TAHUNA, BINKARI – Angin demokrasi kembali berhembus dari pesisir hingga perbukitan Kepulauan Sangihe. Pada 21 Oktober 2026, sebanyak 117 desa akan serentak menggelar Pemilihan Kepala Desa (Pilkades), sebuah momentum yang bukan sekadar memilih pemimpin, tetapi menentukan arah masa depan desa untuk delapan tahun ke depan.
Di balik gemuruh persiapan itu, terselip satu catatan yang menyita perhatian. Dari semula 118 desa yang dijadwalkan mengikuti pesta demokrasi rakyat tersebut, Desa Mawira, Kecamatan Manganitu Selatan, untuk sementara harus tertahan di persimpangan administrasi dan menunggu kepastian lebih lanjut.
Kepala Dinas Pemberdayaan Masyarakat dan Desa Daerah (PMDD) Kabupaten Kepulauan Sangihe, Vonly Kekung, memastikan bahwa seluruh tahapan Pilkades terus berjalan sesuai jadwal yang telah ditetapkan pemerintah daerah.
“Awalnya ada 118 desa yang akan melaksanakan Pilkades serentak. Namun Desa Mawira untuk sementara ditangguhkan, sehingga yang mengikuti Pilkades menjadi 117 desa,” ujar Vonly.
Menjelang hari pemungutan suara, roda pemerintahan desa juga memasuki fase transisi. Salah satu agenda penting adalah berakhirnya masa jabatan sejumlah kepala desa dan penjabat kepala desa yang selama ini mengawal jalannya pemerintahan di tingkat akar rumput.
Vonly menjelaskan bahwa masa tugas Kepala Desa Opolao akan berakhir pada 12 Agustus 2026, dan sehari setelahnya, 13 Agustus 2026, pemerintah akan menunjuk Penjabat (Pj) Kepala Desa untuk memastikan pelayanan kepada masyarakat tetap berjalan tanpa jeda.

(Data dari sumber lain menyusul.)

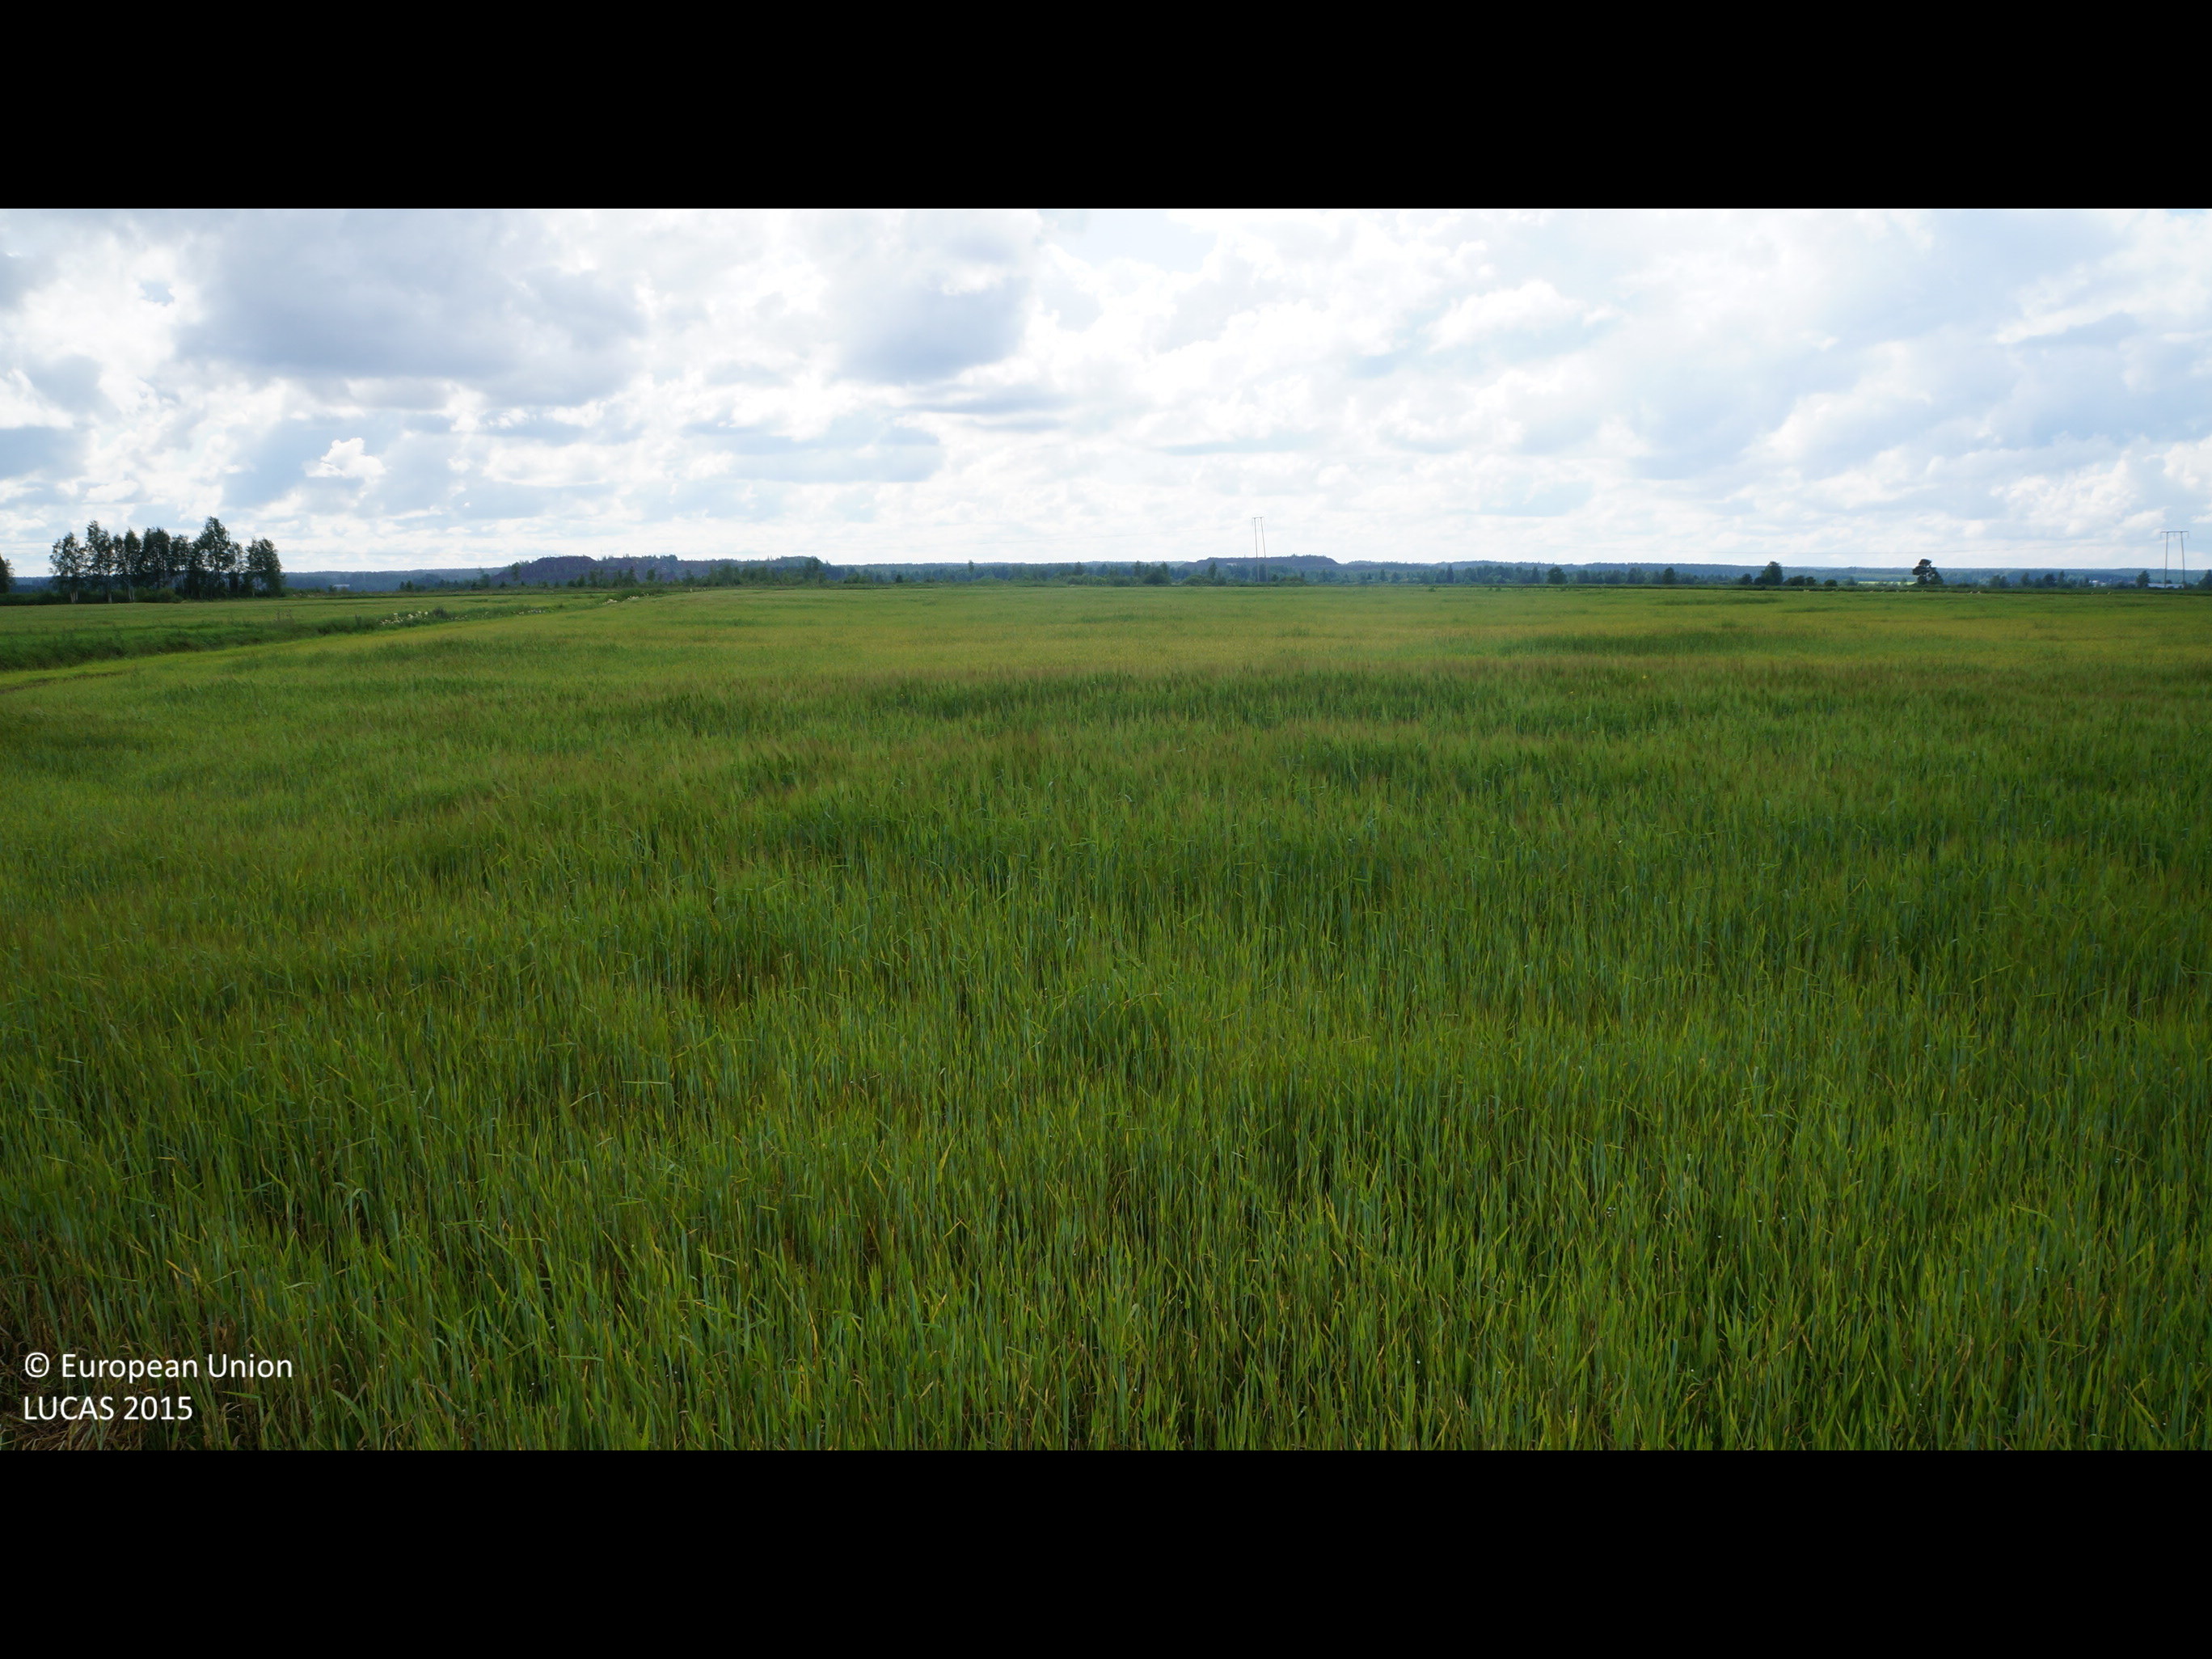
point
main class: Cropland
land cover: Barley
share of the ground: > 75 %
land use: Agriculture (excluding fallow land and kitchen gardens)
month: July
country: FI
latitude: 63.8562
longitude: 25.0797

Langkah ini menjadi penegasan bahwa demokrasi tidak boleh meninggalkan ruang kosong dalam pelayanan publik. Sebab desa bukan sekadar wilayah administratif, melainkan rumah besar tempat harapan masyarakat bertumbuh dan masa depan anak-anak kampung dipertaruhkan.
Pilkades serentak tahun ini dipandang sebagai ujian kedewasaan demokrasi di bumi Tampungang Lawo. Rakyat desa akan diberi kesempatan menentukan siapa yang layak memegang amanah, mengelola anggaran, dan membawa pembangunan hingga ke lorong-lorong yang selama ini masih menanti sentuhan perubahan.
Namun lebih dari sekadar kompetisi politik, Pilkades adalah pertarungan gagasan, integritas, dan keberanian untuk melayani. Masyarakat berharap para calon yang tampil bukan sekadar pemburu kekuasaan, melainkan pemimpin yang sanggup mendengar suara rakyat setelah baliho diturunkan dan janji kampanye usai diucapkan.
Pemerintah Kabupaten Kepulauan Sangihe berharap seluruh tahapan Pilkades berjalan aman, tertib, jujur, dan adil. Sebab demokrasi yang sehat tidak lahir dari banyaknya suara yang terkumpul, melainkan dari kepercayaan rakyat yang tetap terjaga.
Ketika 117 desa bersiap menuju bilik suara, satu pertanyaan besar menggema dari kampung ke kampung: siapakah yang akan dipercaya rakyat untuk menakhodai desa menuju masa depan yang lebih baik?